O Brasil, desde a conquista
portuguesa em 1500, teve sua base econômica no litoral. Com a descoberta do
ouro no final do século XVI começaram a surgir os caminhos para o interior e
que seguiam os antigos traçados indígenas, como o Piaberu. Surgiram assim
vários caminhos de tropas para o interior. A construção de estradas para o trânsito
de carroças, só ocorre no século XIX.
Uma dessas foi a estrada Dona Francisca, iniciada em 1853 e tinha como objetivo
chegar ao Paraguai. Mas o transporte de mercadorias de grande volume, como a
erva-mate e madeira, era lento e o frete se tornava muito caro. A solução para esse problema foi
apresentada pelo engenheiro João Teixeira Soares, por volta de 1885. Entregou
ao governo imperial, um plano de construção de ferrovias, ligando São Paulo,
Paraná, Santa Catarina e o Rio Grande do Sul, no sentido norte/sul e a partir
desse tronco principal, ramais que
atingiriam o litoral dessas Províncias, atuais Estados. Fez estudo por conta
própria e convenceu o governo imperial de que essa ferrovia ira favorecer a
colonização na região sul do Brasil. Soares recebeu a concessão das mãos do
imperador D. Pedro II no dia nove de novembro de 1889 e no dia 15 foi
proclamada a República. O governo provisório republicano, analisou a
viabilidade do projeto e ratificou a concessão em sete de abril de 1890.

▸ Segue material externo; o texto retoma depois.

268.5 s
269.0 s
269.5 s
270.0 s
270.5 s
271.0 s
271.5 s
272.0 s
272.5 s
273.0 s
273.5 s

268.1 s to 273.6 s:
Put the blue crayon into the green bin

Segundo Thomé, (1980), “Nesse ano Teixeira Soares tratou de levantar o capital
junto aos investidores europeus. Obtendo êxito nessa empreitada na Inglaterra e
na França, fundou a Compagnie Chemins de Fer Sud Ouest Brésilens, para a qual
transferiu a concessão.”
Em 1892, uma comissão de engenheiros
chefiados por Lauro Müller, visitou São Francisco e escolheu o melhor local
para iniciar a construção da estrada de ferro ligando o porto de São Francisco
até a vila de São Bento. O primeiro trecho ligando São Francisco a Joinville
foi inaugurado em agosto de 1906, pelo presidente Afonso Pena.

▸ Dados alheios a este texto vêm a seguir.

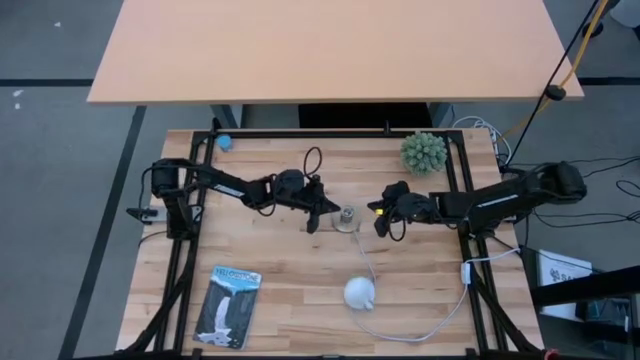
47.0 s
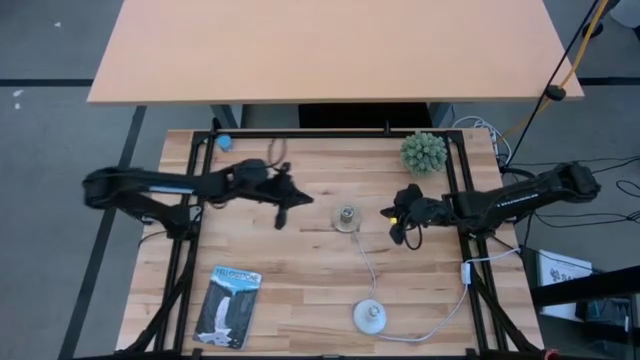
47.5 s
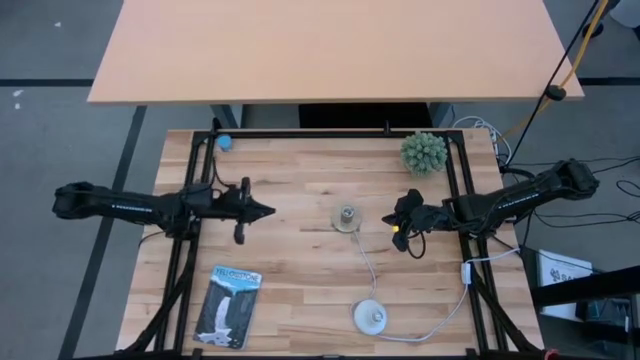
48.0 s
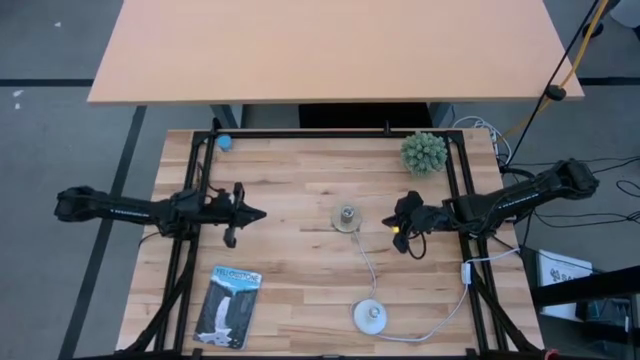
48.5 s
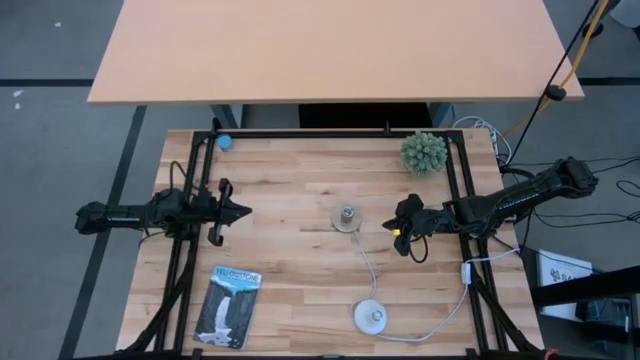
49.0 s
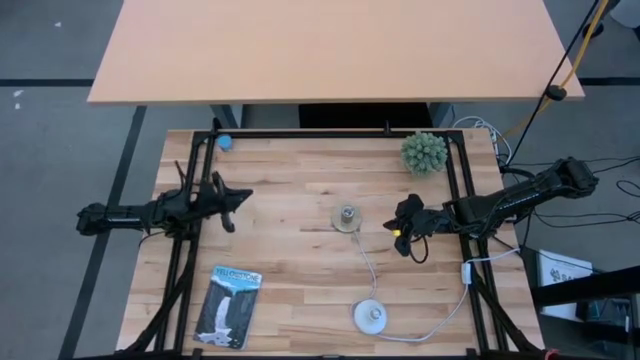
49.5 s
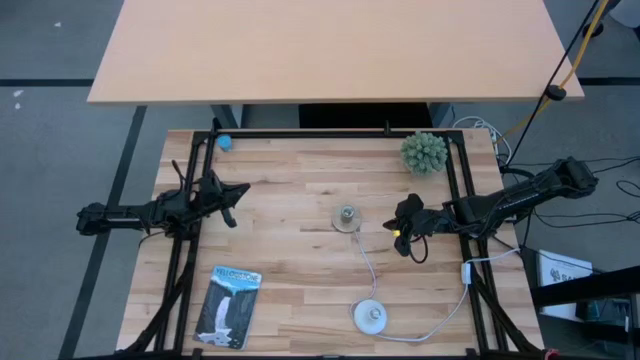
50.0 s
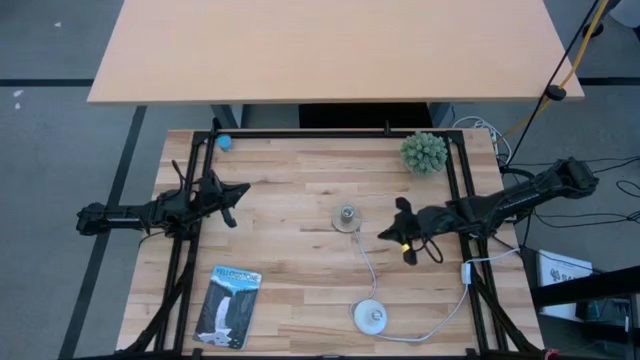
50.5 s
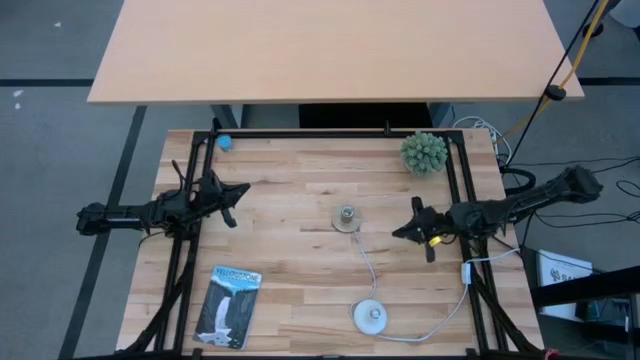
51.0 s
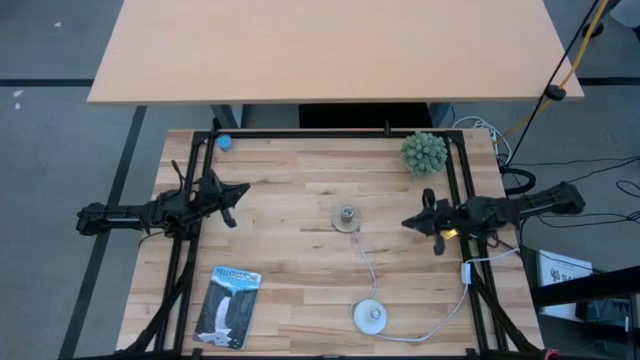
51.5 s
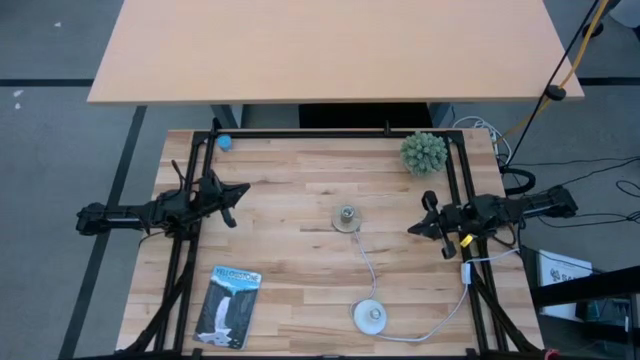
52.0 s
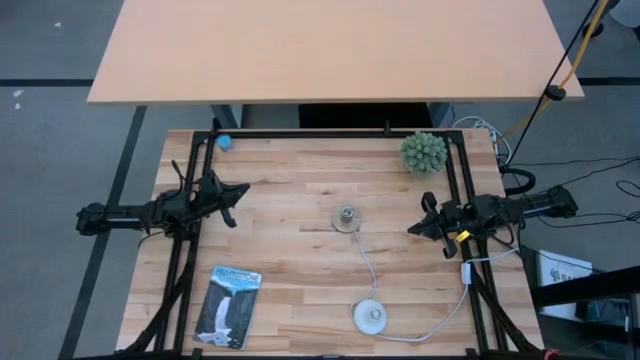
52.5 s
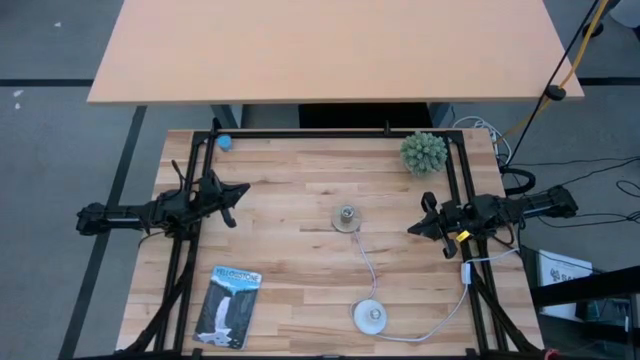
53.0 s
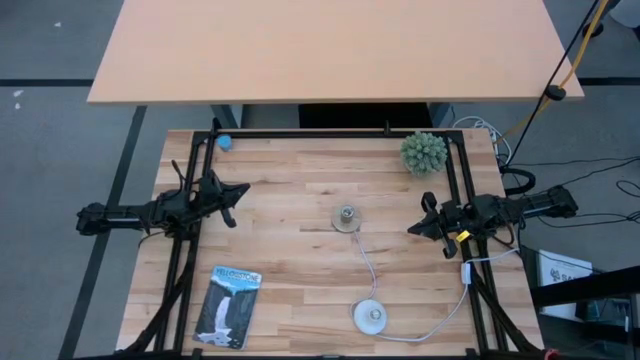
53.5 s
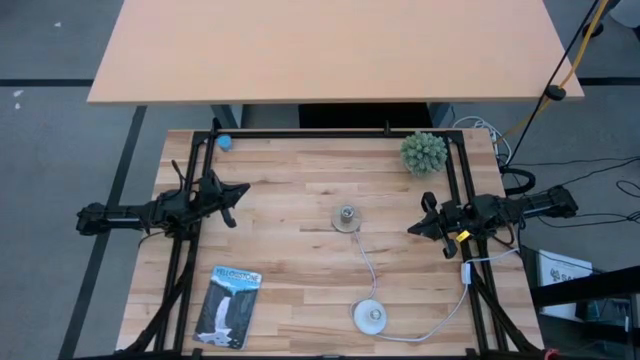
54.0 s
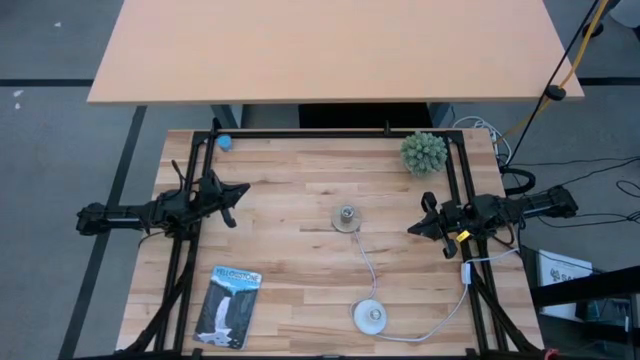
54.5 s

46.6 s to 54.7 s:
Task: Screw lightbulb
Return to Home Position

Os trabalhos no tronco principal
estavam sendo realizados, quando em 1894, parte da concessão inicial, foi
adquirida pela Companhia Estrada de Ferro São Paulo Rio Grande, cabendo-lhe
construir o trecho Itararé ao Rio Uruguai. Por solicitação da Companhia, o
governo republicano, pelo Decreto no. 3947 de 7 de março de 1901, autorizou à Companhia a realizar estudo para
a implantação do ramal ligando São Francisco a União da Vitória.
Os trabalhos
continuavam em ritmo lento quando o catarinense Lauro Müller foi nomeado
Ministro da Viação e Obras Públicas. Este convidou Percival Farquhar,
capitalista norte-americano a investir no Brasil. Farquhar veio e fundou a
Brasil Railway, (1906) que adquiriu o controle acionário da Companhia Estrada
de Ferro São Paulo Rio Grande.
Com grande soma de recursos houve
aceleração na construção do tronco principal ligando São Paulo e Rio Grande do
Sul. Das obras desenvolvidas por Farquar, destacou-se a do ramal ligando, o porto de São Francisco do Sul ao
tronco principal.
A trecho entre Rio Negro e Porto
União, teve seu projeto aprovado pelo
decreto 7492 de 5 de agosto de 1909 e passava por Três Barras onde o Sindicato
Farquhar instalou nesse ano a Southern Brazil Lumber and Colonizatin Campany, uma
serraria para realizar o beneficiamento de pinheiro e imbuia e para desenvolver um projeto de colonização.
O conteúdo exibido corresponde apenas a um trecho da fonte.